Jackson Review of Costs of Civil Litigation
The review of the costs of taking civil proceedings – undertaken by Lord Justice Jackson – was published in January 2010. I obviously need to comment on it here, since it considers an issue of fundamental importance to the English Legal System. But it is a long document which it is extremely hard to summarize.
The background – as discussed in Chapter 8 of the book – is that while many of Lord Woolf’s reforms to the civil justice system appear to have worked well, he did not secure a hoped-for reduction in the costs of going to court. As a consequence it is suggested that ‘access to justice’ – which was what Woolf was hoping to promote – may actually have been reduced. There is evidence that costs of litigation have risen because of the emphasis, in Woolf, of earlier disclosure of the issues in disputes required by the procedural protocols.
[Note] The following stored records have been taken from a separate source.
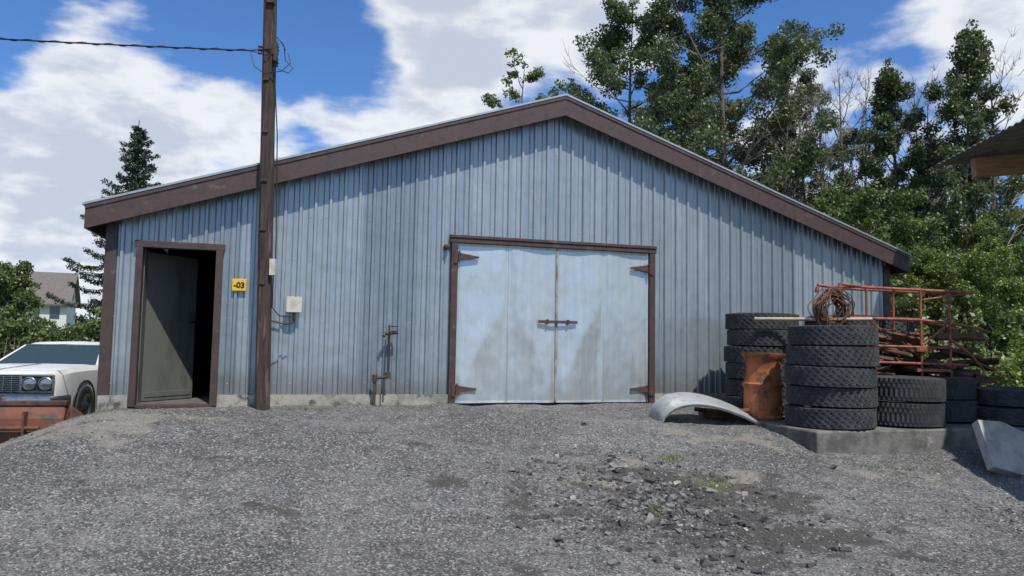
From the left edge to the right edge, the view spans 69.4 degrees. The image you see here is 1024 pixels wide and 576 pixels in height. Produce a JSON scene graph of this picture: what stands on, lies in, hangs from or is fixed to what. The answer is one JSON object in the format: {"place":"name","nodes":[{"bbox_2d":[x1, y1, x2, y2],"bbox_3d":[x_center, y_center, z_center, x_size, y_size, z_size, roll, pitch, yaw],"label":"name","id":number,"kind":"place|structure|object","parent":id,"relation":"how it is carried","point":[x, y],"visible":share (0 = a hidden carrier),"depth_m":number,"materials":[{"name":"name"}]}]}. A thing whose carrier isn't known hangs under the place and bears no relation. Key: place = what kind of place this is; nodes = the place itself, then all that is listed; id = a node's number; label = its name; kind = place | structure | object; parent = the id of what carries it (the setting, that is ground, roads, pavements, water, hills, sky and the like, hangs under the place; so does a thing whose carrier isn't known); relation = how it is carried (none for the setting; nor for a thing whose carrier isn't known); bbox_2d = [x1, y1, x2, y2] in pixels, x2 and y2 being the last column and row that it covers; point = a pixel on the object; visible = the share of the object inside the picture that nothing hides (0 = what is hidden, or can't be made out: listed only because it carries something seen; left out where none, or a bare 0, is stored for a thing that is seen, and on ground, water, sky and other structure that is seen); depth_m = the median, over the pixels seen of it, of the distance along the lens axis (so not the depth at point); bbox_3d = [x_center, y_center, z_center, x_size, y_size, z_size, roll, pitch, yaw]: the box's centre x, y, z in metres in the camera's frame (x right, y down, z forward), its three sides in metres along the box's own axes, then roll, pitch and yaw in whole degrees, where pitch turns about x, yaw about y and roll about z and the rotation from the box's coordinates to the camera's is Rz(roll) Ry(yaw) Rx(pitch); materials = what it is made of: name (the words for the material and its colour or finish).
{"place":"outdoors","nodes":[
{"label":"outdoors","id":0,"kind":"place"},
{"bbox_2d":[1,271,80,340],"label":"distant house","id":1,"kind":"structure","parent":0,"point":[56,284],"depth_m":87.09,"materials":[{"name":"white"}]},
{"bbox_2d":[0,340,1023,575],"bbox_3d":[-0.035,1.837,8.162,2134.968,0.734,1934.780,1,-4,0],"label":"ground","id":2,"kind":"structure","parent":0,"point":[629,417],"depth_m":6.48,"materials":[{"name":"grey gravel"}]},
{"bbox_2d":[0,260,44,339],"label":"garden tree","id":3,"kind":"object","parent":2,"relation":"on","point":[12,285],"visible":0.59,"depth_m":32.10,"materials":[{"name":"green plant"}]},
{"bbox_2d":[0,400,83,443],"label":"rusty loader bucket","id":4,"kind":"object","parent":2,"relation":"on","point":[18,418],"visible":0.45,"depth_m":9.88,"materials":[{"name":"red metal"}]},
{"bbox_2d":[0,341,99,414],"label":"parked car","id":5,"kind":"object","parent":2,"relation":"on","point":[56,371],"visible":0.62,"depth_m":12.19,"materials":[{"name":"white paint"}]},
{"bbox_2d":[0,305,101,358],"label":"hedge","id":6,"kind":"object","parent":2,"relation":"on","point":[16,334],"visible":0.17,"depth_m":23.71,"materials":[{"name":"green plant"}]},
{"bbox_2d":[74,311,100,340],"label":"distant tree line","id":7,"kind":"object","parent":2,"relation":"on","point":[89,314],"depth_m":138.99,"materials":[{"name":"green plant"}]},
{"bbox_2d":[41,120,160,339],"bbox_3d":[-15.464,-1.616,30.386,6.576,10.682,6.378,1,-4,0],"label":"spruce tree","id":8,"kind":"object","parent":2,"relation":"on","point":[136,146],"visible":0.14,"depth_m":29.85,"materials":[{"name":"green plant"}]},
{"bbox_2d":[0,0,293,410],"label":"utility pole","id":9,"kind":"object","parent":2,"relation":"on","point":[267,262],"visible":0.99,"depth_m":9.67,"materials":[{"name":"brown wood"}]},
{"bbox_2d":[372,325,398,405],"bbox_3d":[-1.759,1.120,10.247,0.339,1.220,0.107,2,-4,-16],"label":"water standpipe","id":10,"kind":"object","parent":2,"relation":"on","point":[389,333],"visible":0.99,"depth_m":10.25,"materials":[{"name":"metal"}]},
{"bbox_2d":[82,94,910,411],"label":"metal barn","id":11,"kind":"structure","parent":2,"relation":"on","point":[562,248],"depth_m":10.88,"materials":[{"name":"metal"}]},
{"bbox_2d":[136,249,197,403],"bbox_3d":[-4.788,0.527,10.133,0.201,2.020,1.080,0,-4,16],"label":"open door leaf","id":12,"kind":"structure","parent":11,"relation":"in","point":[169,294],"depth_m":10.17,"materials":[{"name":"grey paint"}]},
{"bbox_2d":[455,243,647,402],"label":"double door leaves","id":13,"kind":"structure","parent":11,"relation":"in","point":[602,356],"depth_m":11.13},
{"bbox_2d":[481,47,567,108],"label":"sparse tree","id":14,"kind":"object","parent":2,"relation":"on","point":[491,101],"visible":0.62,"depth_m":30.90,"materials":[{"name":"green plant"}]},
{"bbox_2d":[82,403,982,514],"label":"grass tufts","id":15,"kind":"object","parent":2,"relation":"on","point":[666,457],"visible":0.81,"depth_m":8.14,"materials":[{"name":"green plant"}]},
{"bbox_2d":[560,0,720,150],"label":"cottonwood tree","id":16,"kind":"object","parent":2,"relation":"on","point":[617,37],"visible":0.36,"depth_m":27.84,"materials":[{"name":"green plant"}]},
{"bbox_2d":[406,413,966,575],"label":"broken asphalt rubble","id":17,"kind":"object","parent":2,"relation":"on","point":[669,503],"visible":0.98,"depth_m":6.37,"materials":[{"name":"grey stone"}]},
{"bbox_2d":[620,52,761,169],"bbox_3d":[8.186,-3.363,34.399,7.300,15.140,7.136,0,-4,15],"label":"cottonwood tree","id":18,"kind":"object","parent":2,"relation":"on","point":[710,91],"visible":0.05,"depth_m":33.48,"materials":[{"name":"green plant"}]},
{"bbox_2d":[648,392,759,424],"bbox_3d":[2.612,1.632,9.720,1.510,0.386,0.512,4,8,-8],"label":"truck fender","id":19,"kind":"object","parent":2,"relation":"on","point":[664,407],"visible":0.94,"depth_m":9.57,"materials":[{"name":"metal"}]},
{"bbox_2d":[694,407,749,418],"bbox_3d":[2.816,1.685,10.017,0.717,0.140,0.380,1,-4,0],"label":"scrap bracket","id":20,"kind":"object","parent":2,"relation":"on","point":[709,413],"visible":0.77,"depth_m":9.90,"materials":[{"name":"metal"}]},
{"bbox_2d":[620,0,856,196],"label":"cottonwood tree","id":21,"kind":"object","parent":2,"relation":"on","point":[782,53],"visible":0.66,"depth_m":25.96,"materials":[{"name":"green plant"}]},
{"bbox_2d":[724,313,798,413],"bbox_3d":[3.719,1.112,10.997,1.093,1.460,1.073,1,-4,0],"label":"tire stack","id":22,"kind":"object","parent":2,"relation":"on","point":[746,332],"visible":0.43,"depth_m":10.65,"materials":[{"name":"rubber"}]},
{"bbox_2d":[732,63,820,198],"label":"bare tree","id":23,"kind":"object","parent":2,"relation":"on","point":[786,192],"visible":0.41,"depth_m":26.70,"materials":[{"name":"grey plant"}]},
{"bbox_2d":[741,122,812,198],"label":"poplar tree","id":24,"kind":"object","parent":2,"relation":"on","point":[763,178],"visible":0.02,"depth_m":35.63,"materials":[{"name":"green plant"}]},
{"bbox_2d":[753,67,870,227],"bbox_3d":[11.354,-2.511,28.851,4.581,12.723,4.406,1,-4,0],"label":"poplar tree","id":25,"kind":"object","parent":2,"relation":"on","point":[806,91],"visible":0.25,"depth_m":28.79,"materials":[{"name":"green plant"}]},
{"bbox_2d":[767,72,868,207],"bbox_3d":[11.207,-2.119,26.920,2.797,11.652,3.022,4,-5,-31],"label":"bare tree","id":26,"kind":"object","parent":2,"relation":"on","point":[822,179],"visible":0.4,"depth_m":27.21,"materials":[{"name":"grey plant"}]},
{"bbox_2d":[791,46,882,220],"bbox_3d":[12.460,-2.679,27.812,3.358,12.946,3.108,-3,-6,42],"label":"bare tree","id":27,"kind":"object","parent":2,"relation":"on","point":[840,130],"visible":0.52,"depth_m":28.16,"materials":[{"name":"grey plant"}]},
{"bbox_2d":[807,176,893,227],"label":"young tree","id":28,"kind":"object","parent":2,"relation":"on","point":[845,189],"visible":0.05,"depth_m":27.04,"materials":[{"name":"green plant"}]},
{"bbox_2d":[808,127,911,208],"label":"poplar tree","id":29,"kind":"object","parent":2,"relation":"on","point":[834,166],"visible":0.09,"depth_m":33.03,"materials":[{"name":"green plant"}]},
{"bbox_2d":[826,64,894,191],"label":"bare tree","id":30,"kind":"object","parent":2,"relation":"on","point":[866,155],"visible":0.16,"depth_m":30.71,"materials":[{"name":"grey plant"}]},
{"bbox_2d":[809,180,950,299],"bbox_3d":[11.021,0.058,24.038,4.941,6.872,5.406,1,-4,0],"label":"young tree","id":31,"kind":"object","parent":2,"relation":"on","point":[858,210],"visible":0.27,"depth_m":23.33,"materials":[{"name":"green plant"}]},
{"bbox_2d":[757,414,1023,454],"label":"concrete pad","id":32,"kind":"object","parent":2,"relation":"on","point":[881,439],"visible":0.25,"depth_m":8.85,"materials":[{"name":"grey concrete"}]},
{"bbox_2d":[741,352,785,419],"bbox_3d":[3.405,1.320,10.037,0.580,0.880,0.580,-1,-6,33],"label":"rusty drum","id":33,"kind":"object","parent":32,"relation":"on","point":[762,384],"visible":0.97,"depth_m":9.83,"materials":[{"name":"orange metal"}]},
{"bbox_2d":[784,325,879,429],"bbox_3d":[3.973,1.093,9.223,1.098,1.236,1.087,1,-4,0],"label":"tire stack","id":34,"kind":"object","parent":32,"relation":"on","point":[830,375],"visible":1,"depth_m":8.78,"materials":[{"name":"rubber"}]},
{"bbox_2d":[754,317,872,320],"bbox_3d":[4.190,0.432,10.315,1.542,0.058,0.072,0,-4,13],"label":"wooden pole stick","id":35,"kind":"object","parent":34,"relation":"on","point":[806,319],"visible":1,"depth_m":10.33,"materials":[{"name":"grey wood"}]},
{"bbox_2d":[807,286,854,324],"bbox_3d":[4.440,0.289,10.263,0.646,0.643,0.297,2,-4,-11],"label":"wire coil","id":36,"kind":"object","parent":34,"relation":"on","point":[834,292],"visible":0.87,"depth_m":10.21,"materials":[{"name":"brown metal"}]},
{"bbox_2d":[804,315,879,367],"bbox_3d":[4.994,1.152,11.249,1.106,1.464,1.097,1,-4,0],"label":"tire stack","id":37,"kind":"object","parent":32,"relation":"on","point":[862,323],"visible":0.03,"depth_m":10.86,"materials":[{"name":"rubber"}]},
{"bbox_2d":[879,317,916,366],"bbox_3d":[5.742,1.172,11.542,1.034,1.410,1.019,1,-4,0],"label":"tire stack","id":38,"kind":"object","parent":32,"relation":"on","point":[899,326],"visible":0.04,"depth_m":11.12,"materials":[{"name":"rubber"}]},
{"bbox_2d":[875,375,945,427],"bbox_3d":[4.988,1.443,9.544,1.075,0.614,1.072,1,-4,0],"label":"tire stack","id":39,"kind":"object","parent":32,"relation":"on","point":[909,401],"visible":0.63,"depth_m":9.07,"materials":[{"name":"rubber"}]},
{"bbox_2d":[814,282,989,376],"bbox_3d":[5.567,0.884,10.596,2.188,1.907,0.769,1,-4,-6],"label":"red steel frame","id":40,"kind":"object","parent":39,"relation":"on","point":[920,321],"visible":0.77,"depth_m":10.37,"materials":[{"name":"orange paint"}]},
{"bbox_2d":[859,324,998,386],"bbox_3d":[5.937,1.202,10.840,2.475,1.323,1.205,1,-4,0],"label":"scrap metal pile","id":41,"kind":"object","parent":39,"relation":"on","point":[902,337],"visible":0.48,"depth_m":10.62,"materials":[{"name":"metal"}]},
{"bbox_2d":[894,375,978,422],"bbox_3d":[5.834,1.521,10.242,1.065,0.605,1.069,1,-4,0],"label":"tire stack","id":42,"kind":"object","parent":32,"relation":"on","point":[961,404],"visible":0.45,"depth_m":9.75,"materials":[{"name":"rubber"}]},
{"bbox_2d":[974,386,1023,425],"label":"tire stack","id":43,"kind":"object","parent":32,"relation":"on","point":[1004,404],"visible":0.81,"depth_m":9.63,"materials":[{"name":"rubber"}]},
{"bbox_2d":[854,57,958,298],"bbox_3d":[14.451,-2.389,27.220,4.298,12.349,3.980,-1,-5,26],"label":"poplar tree","id":44,"kind":"object","parent":2,"relation":"on","point":[890,89],"visible":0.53,"depth_m":26.91,"materials":[{"name":"green plant"}]},
{"bbox_2d":[887,242,944,343],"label":"young tree","id":45,"kind":"object","parent":2,"relation":"on","point":[913,259],"visible":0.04,"depth_m":21.39,"materials":[{"name":"green plant"}]},
{"bbox_2d":[886,66,953,212],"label":"bare tree","id":46,"kind":"object","parent":2,"relation":"on","point":[923,127],"visible":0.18,"depth_m":30.71,"materials":[{"name":"grey plant"}]},
{"bbox_2d":[890,64,958,254],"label":"bare tree","id":47,"kind":"object","parent":2,"relation":"on","point":[934,69],"visible":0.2,"depth_m":28.06,"materials":[{"name":"grey plant"}]},
{"bbox_2d":[854,213,996,344],"bbox_3d":[13.473,0.586,25.012,3.953,6.047,4.325,2,-4,-15],"label":"young tree","id":48,"kind":"object","parent":2,"relation":"on","point":[911,237],"visible":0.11,"depth_m":24.49,"materials":[{"name":"green plant"}]},
{"bbox_2d":[908,133,961,207],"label":"poplar tree","id":49,"kind":"object","parent":2,"relation":"on","point":[944,199],"visible":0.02,"depth_m":36.30,"materials":[{"name":"green plant"}]},
{"bbox_2d":[890,277,1023,385],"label":"shrub thicket","id":50,"kind":"object","parent":2,"relation":"on","point":[904,305],"visible":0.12,"depth_m":18.32,"materials":[{"name":"green plant"}]},
{"bbox_2d":[903,259,1012,350],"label":"young tree","id":51,"kind":"object","parent":2,"relation":"on","point":[935,270],"visible":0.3,"depth_m":21.38,"materials":[{"name":"green plant"}]},
{"bbox_2d":[905,19,1023,324],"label":"poplar tree","id":52,"kind":"object","parent":2,"relation":"on","point":[963,87],"visible":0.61,"depth_m":25.19,"materials":[{"name":"green plant"}]},
{"bbox_2d":[907,235,1023,354],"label":"young tree","id":53,"kind":"object","parent":2,"relation":"on","point":[989,252],"visible":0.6,"depth_m":20.60,"materials":[{"name":"green plant"}]},
{"bbox_2d":[909,339,1023,386],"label":"shrub thicket","id":54,"kind":"object","parent":2,"relation":"on","point":[1012,366],"visible":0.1,"depth_m":15.68,"materials":[{"name":"green plant"}]},
{"bbox_2d":[917,476,1023,533],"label":"gravel","id":55,"kind":"structure","parent":2,"relation":"on","point":[1002,511],"depth_m":6.92,"materials":[{"name":"grey gravel"}]},
{"bbox_2d":[935,119,1023,177],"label":"open shed","id":56,"kind":"structure","parent":2,"relation":"on","point":[1001,153],"depth_m":11.65,"materials":[{"name":"brown wood"}]},
{"bbox_2d":[941,164,1023,308],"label":"poplar tree","id":57,"kind":"object","parent":2,"relation":"on","point":[1010,200],"visible":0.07,"depth_m":31.25,"materials":[{"name":"green plant"}]},
{"bbox_2d":[955,240,1016,339],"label":"young tree","id":58,"kind":"object","parent":2,"relation":"on","point":[995,277],"visible":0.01,"depth_m":34.98,"materials":[{"name":"green plant"}]},
{"bbox_2d":[957,27,1023,295],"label":"bare tree","id":59,"kind":"object","parent":2,"relation":"on","point":[994,187],"visible":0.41,"depth_m":25.21,"materials":[{"name":"grey plant"}]},
{"bbox_2d":[958,204,1023,324],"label":"young tree","id":60,"kind":"object","parent":2,"relation":"on","point":[1015,300],"visible":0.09,"depth_m":26.68,"materials":[{"name":"green plant"}]},
{"bbox_2d":[972,420,1023,475],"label":"broken concrete slab","id":61,"kind":"object","parent":2,"relation":"on","point":[1001,444],"depth_m":8.22,"materials":[{"name":"grey concrete"}]},
{"bbox_2d":[0,0,1023,321],"label":"sky","id":62,"kind":"structure","parent":0,"point":[362,69],"materials":[{"name":"blue"}]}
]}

Any attempt to reduce costs face significant challenges. First, Treasury policy on court fees – that the Court Service should be broadly self-financing – has led to significant increases in court fees. Although there is some research evidence that court fees are not as significant deterrent to litigants as might be expected (Moorhead, 2007, What’s costs got to do with it? Available at http://www.justice.gov.uk/publications/research280607.htm) common sense suggests that the higher the fee, the more likely will litigants be deterred.
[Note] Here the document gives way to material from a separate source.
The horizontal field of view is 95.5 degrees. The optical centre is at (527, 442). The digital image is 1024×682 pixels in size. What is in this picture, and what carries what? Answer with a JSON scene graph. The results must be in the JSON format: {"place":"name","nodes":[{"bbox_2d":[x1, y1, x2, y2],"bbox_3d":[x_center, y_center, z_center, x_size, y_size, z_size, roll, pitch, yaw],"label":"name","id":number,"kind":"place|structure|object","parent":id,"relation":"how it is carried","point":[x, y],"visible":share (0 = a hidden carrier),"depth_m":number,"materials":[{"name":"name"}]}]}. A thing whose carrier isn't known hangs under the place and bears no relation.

Second, lawyers want their work to be fairly (if not generously) rewarded. The bottom line is that if law firms make losses, they go out of business. Jackson found, however, that in many situations – particularly where the sums of money in dispute were relatively small – that costs charged by law firms had become disproportionate to the amounts in dispute.
Jackson also accepted, however, that a number of existing rules on costs – particularly relating to the indemnity principle (that the loser pays the winners costs) – were also a deterrent. He recommended that the indemnity rule be abandoned.
Jackson was convinced that, to achieve proportionality between what was at stake and the costs of arguing about what was at stake, there should be much greater reliance on the use of fixed costs in the fast track. In categories of litigation where it was not possible to set fixed costs, there should be a cap set as to the amount of costs that would have to be paid. A new Costs Council should be established to review these and related costs issues.
Jackson also wanted to see greater use of ‘before the event’ legal expenses insurance; abandonment of conditional fee agreements and the introduction of contingency fees (accompanied by a general uplift of around 10% in the awards of damages for personal injury).
In some areas – notably housing – Jackson adopted Lord Woolf’s view that any reform of costs had to be linked to reform of the underpinning law.
More generally, there should be greater emphasis on the use of different forms of alternative dispute resolution.
Implementation of these recommendation implies further changes in the culture of litigation which the Woolf reforms began. They will obviously take time.
As first steps, the government announced a consultation on costs in defamation cases. On 3 March 2010 the government stated that success fees under CFAs in defamation cases would be limited to 10%.
On 17 March 2010, the Judicial Executive Board announced the creation of a Judicial Steering Group to take implementation of Jackson forward. (see http://www.judiciary.gov.uk/about_judiciary/cost-review/index.htm).
I will keep you posted on developments as they emerge.